You cannot talk about this movie without talking about Jenna Ortega. 


Ortega has gained a wider profile from her roles on Wednesday and various horror movies last year.


As the protagonist, this movie falls almost entirely on her shoulders. 


Often this is literal - whole scenes are composed of close ups of her reactions, or shots favour her over whoever her scene partner.


Vada is introduced as a confident, smart kid - she is lazy and does not care about appearances; she cares for and supports her sister (talking her through her first period); she is not popular but she has a best friend.


Ortega’s performance is completely in tune with the film around her. Her withdrawn, quiet performance is never one note, and she masks the character’s despair with an animation and superficial excitement that do not feel too forced.


It is a minimalist, naturalistic performance that does not provide overt indicators for the viewer.


While Ortega is great, the other performer who stood out is Lumi Pollack, who plays her younger sister, Amelia.


You can see her distress every time Vada ignores her. She is aware of her sister’s pain, but cannot articulate  what is happening.


It is a subtle, unmannered performance that captures the byzantine dynamic between siblings.


There is not a lot in terms of plot - this is a movie about capturing emotional states. There is change, but it is not an overt arc - the point is that recovering from trauma, and recognising and dealing with your mental health, is not a defined, clear progression. Change is small - if it happens.


While the film’s focus is internal, the film is tightly economic in its storytelling.


The school shooting is kept offscreen. The camera stays with Vada and Maddie in the bathroom stall. The focus is on the girls’ reactions to the sound of gunfire.


When Vada goes back to school, scenes play out as snippets with score: Vada has to walk through a metal detector; she has to watch a presentation on active shooter drills.

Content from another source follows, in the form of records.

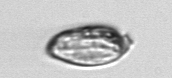
Label: Katodinium_or_Torodinium
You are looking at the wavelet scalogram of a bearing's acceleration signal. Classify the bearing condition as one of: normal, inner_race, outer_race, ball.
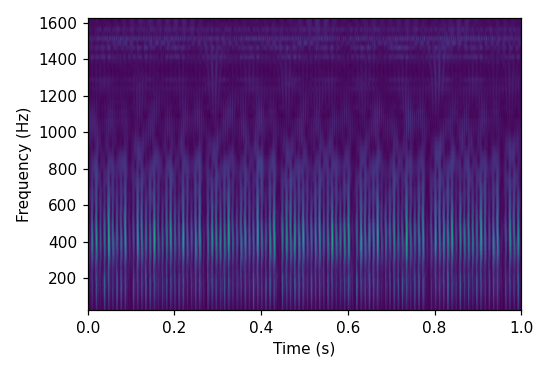
Answer: outer_race
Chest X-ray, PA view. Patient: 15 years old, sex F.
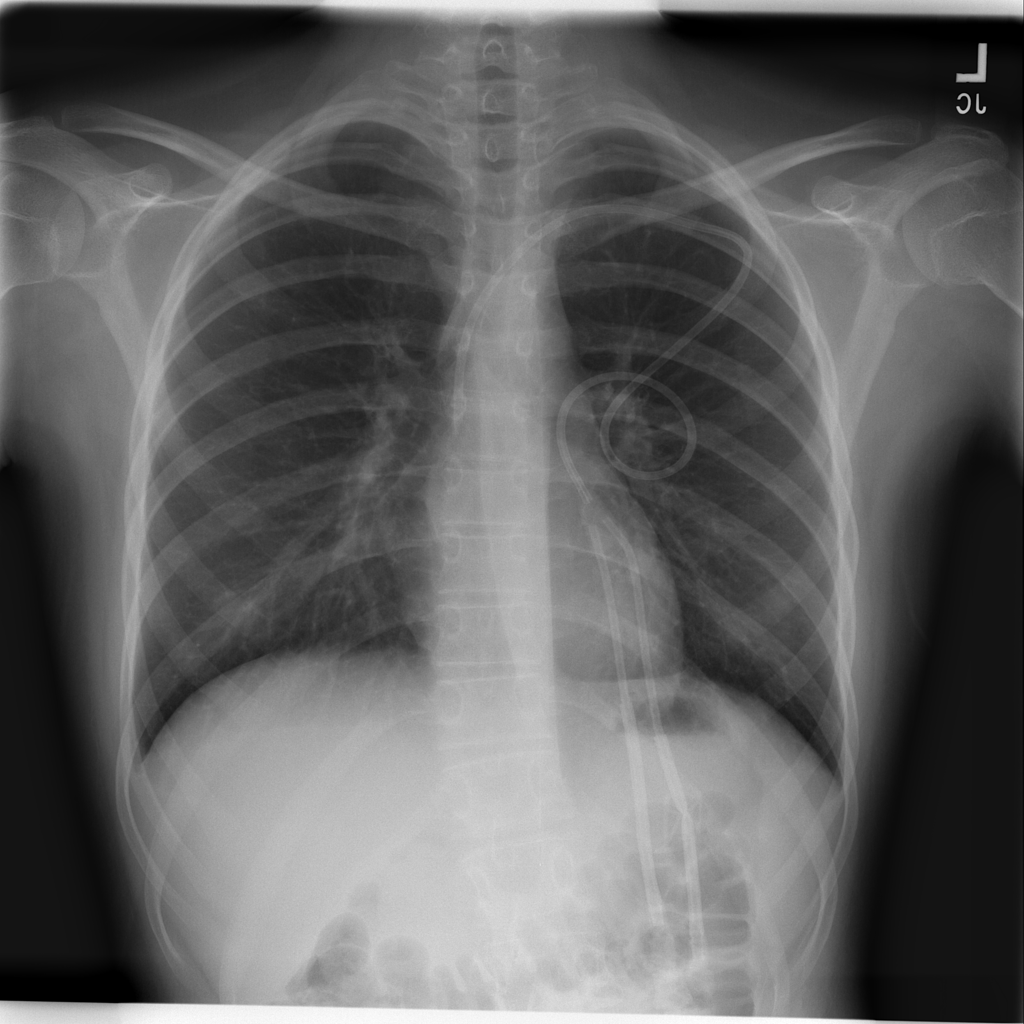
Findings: No Finding
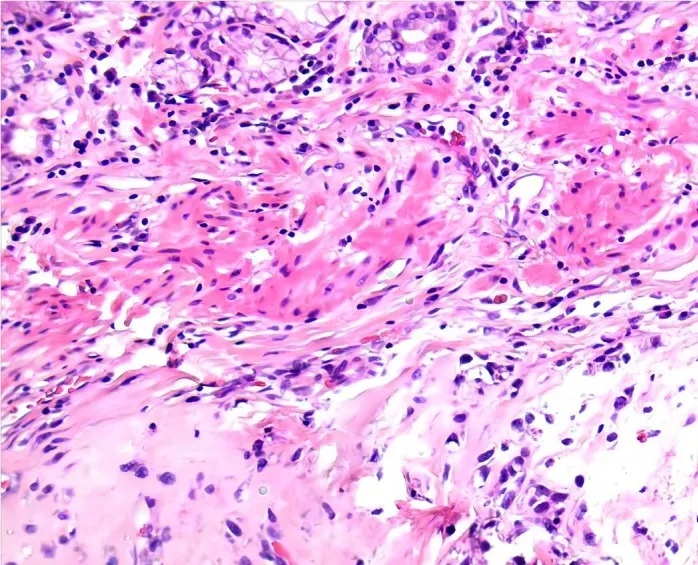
Postoperative pathological (10*10 HE): gastrointestinal stromal tumor (GIST).
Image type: pathology (h&e)
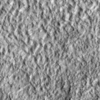
Label: not_dusty
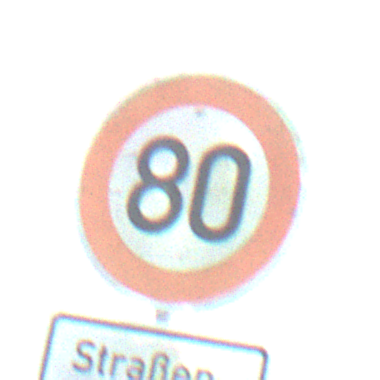
Verkehrszeichen: Geschwindigkeit80
Zusatzzeichen unten: HinweiseAufGefahrenDurchVerbaleAngabe3
Umgebung: Outdoor, Nature
Tageszeit: MorningAfternoon
Wetter: PartlyCloudy
Licht: Natural
Jahreszeit: NotSpecified
Kontrast: HighContrast
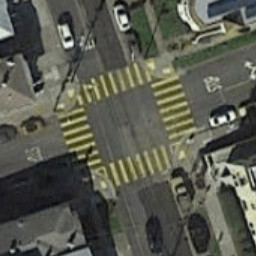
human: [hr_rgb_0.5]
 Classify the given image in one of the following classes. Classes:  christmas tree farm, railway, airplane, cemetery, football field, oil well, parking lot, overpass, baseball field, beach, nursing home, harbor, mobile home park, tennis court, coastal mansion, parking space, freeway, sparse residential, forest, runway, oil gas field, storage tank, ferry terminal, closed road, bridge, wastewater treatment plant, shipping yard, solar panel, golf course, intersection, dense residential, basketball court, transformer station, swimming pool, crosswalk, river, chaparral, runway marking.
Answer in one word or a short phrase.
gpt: crosswalk
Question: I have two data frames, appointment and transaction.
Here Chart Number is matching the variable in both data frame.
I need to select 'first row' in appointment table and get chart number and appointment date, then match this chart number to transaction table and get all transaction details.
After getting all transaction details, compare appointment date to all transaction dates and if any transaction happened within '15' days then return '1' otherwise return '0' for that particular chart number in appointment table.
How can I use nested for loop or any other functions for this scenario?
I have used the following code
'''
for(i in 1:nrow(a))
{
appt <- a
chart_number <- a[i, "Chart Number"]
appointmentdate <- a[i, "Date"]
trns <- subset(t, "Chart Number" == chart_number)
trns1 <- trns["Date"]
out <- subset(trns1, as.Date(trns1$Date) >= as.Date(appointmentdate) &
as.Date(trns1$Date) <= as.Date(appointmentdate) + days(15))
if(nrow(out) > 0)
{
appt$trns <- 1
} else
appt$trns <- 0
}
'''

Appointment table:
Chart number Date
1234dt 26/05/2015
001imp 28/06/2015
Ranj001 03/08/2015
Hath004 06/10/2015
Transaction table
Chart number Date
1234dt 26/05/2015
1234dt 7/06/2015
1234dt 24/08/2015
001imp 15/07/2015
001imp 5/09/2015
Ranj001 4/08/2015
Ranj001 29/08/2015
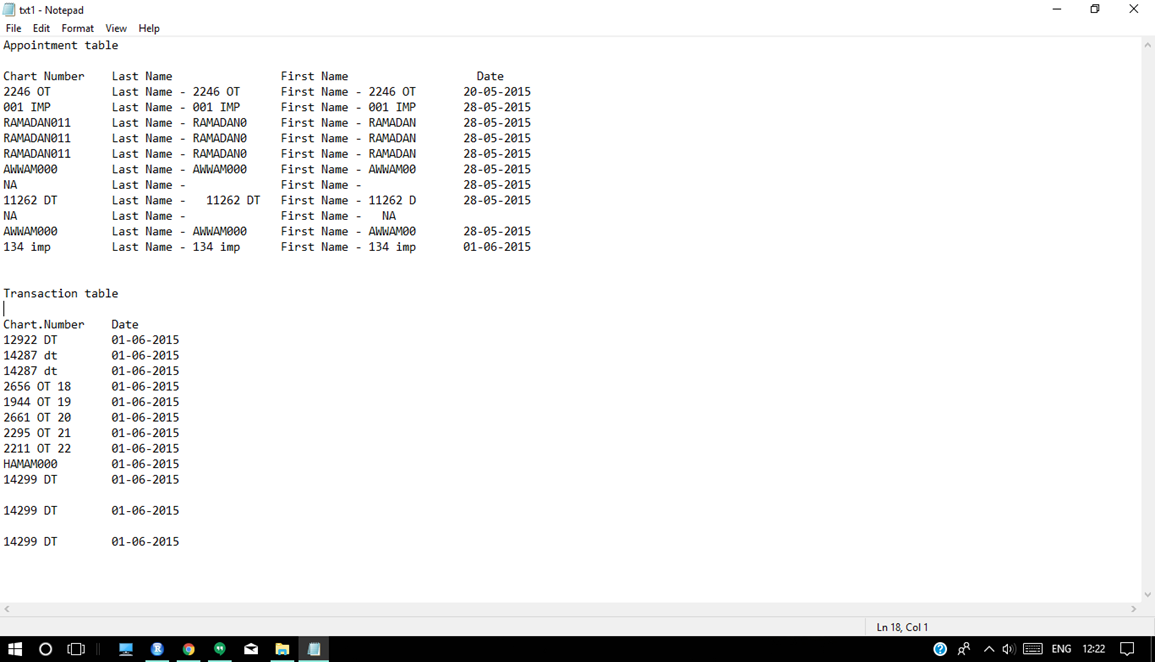
Answer: First transform the 'Date' to a date format:
'''
a$Date <- as.Date(a$Date, '%d-%m-%Y')
t$Date <- as.Date(t$Date, '%d-%m-%Y')
'''
next use dplyr to do an inner join on the Chart Number
'''
library(dplyr)
joined_table <- inner_join(x=a, y=t, by= c('Chart Number' = 'Chart.Number'))
'''
Next subtract the two dates and test if the difference is <15 and create a new column Paid.
'''
transform(joined_table , Paid = ifelse(Date.y - Date.x <= 15, 1, 0)
'''
I did not test this example, because no data was provided. But I guess you get an idea on how you can solve the problem.
I hope I understood your questions correctly.
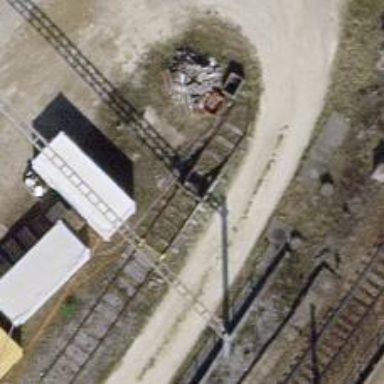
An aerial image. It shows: Railway buffer stop.
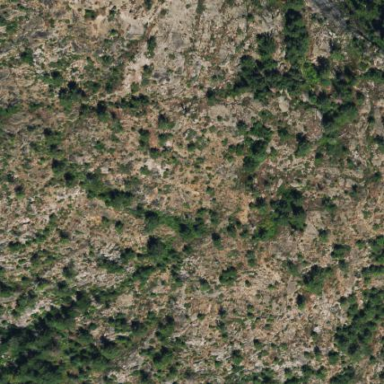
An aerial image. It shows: Landscape of bare rock.
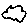
Label: cloud
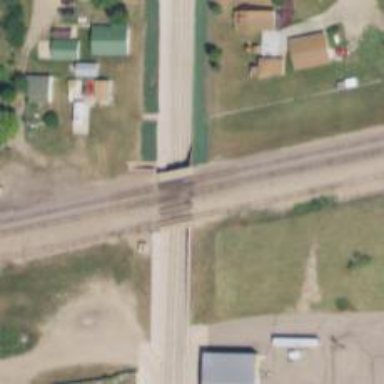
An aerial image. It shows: Railway siding with rails.

The sequence plays out like a memory, as the school’s response to the shooting forces Vada to relive her trauma.


This sequence climaxes at the end of the school day, when a noise triggers’ Vada and she soils herself.

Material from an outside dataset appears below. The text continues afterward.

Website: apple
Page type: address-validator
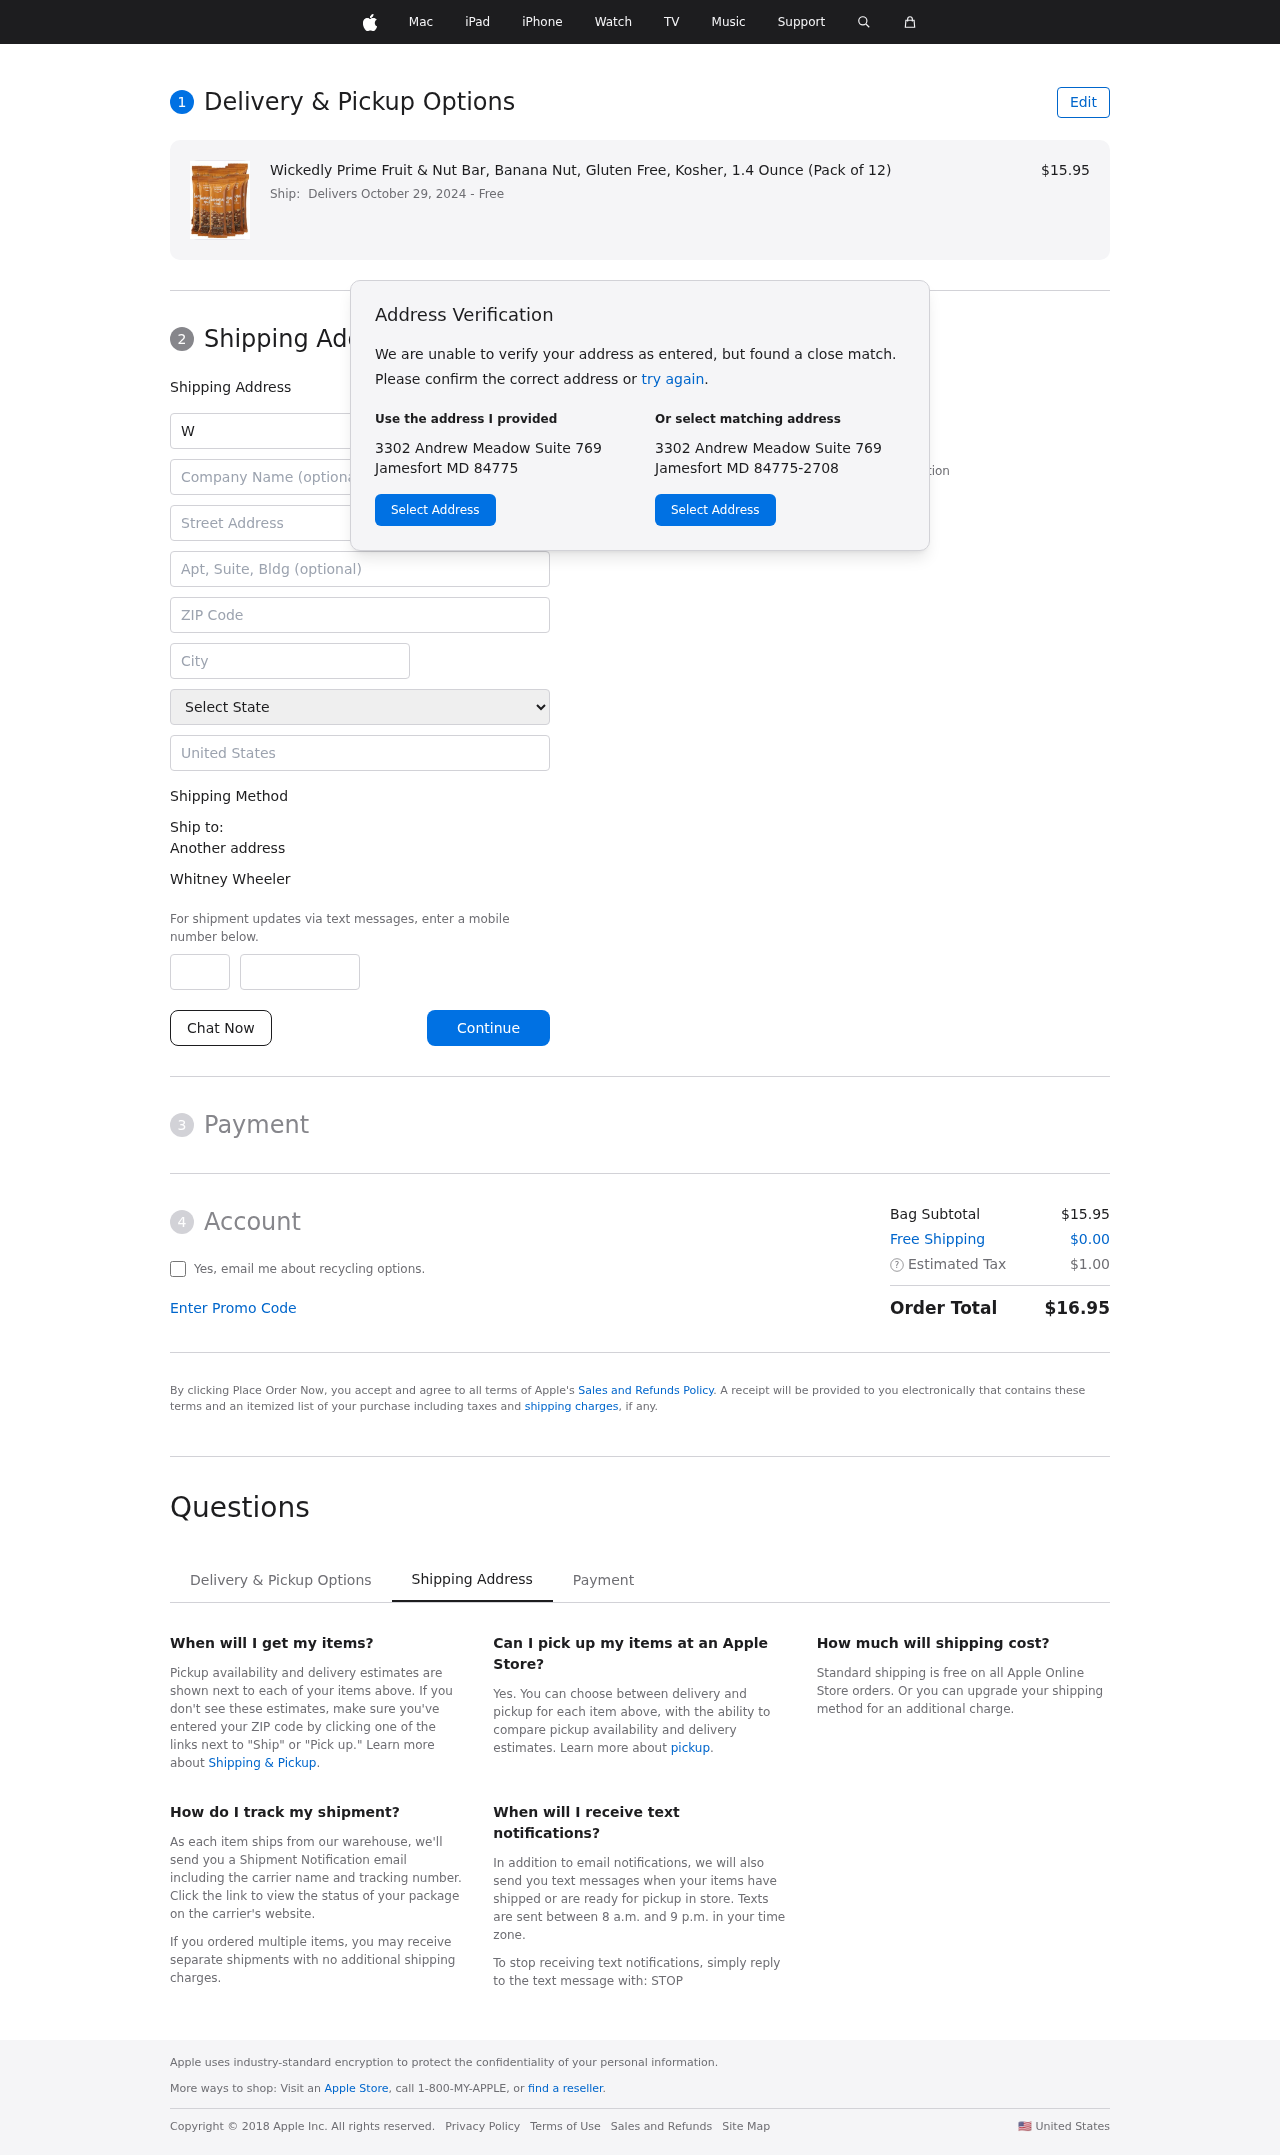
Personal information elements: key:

It is not a public embarrassment - at least the film does not show if this incident had an audience - but she runs away and breaks down.


As she explodes, the film cuts to the next scene of the family having dinner.


The film does not end with a resolution of trauma - Vada learns to acknowledge and express it and reconnects with her family. But the film is not pat enough to treat that reconciliation as some kind of cure all, with an ending that shows Vada is still affected by her experience. 


If an ending is a film’s final statement, The Fallout’s ending is probably the most satisfying. It does not try to solve trauma, or America’s obsession with guns. It is just honest about human beings, and how we live with it.


One of the great movies that was lost to streaming in 2021, The Fallout is the kind of small-scale human drama that deserves to be seen.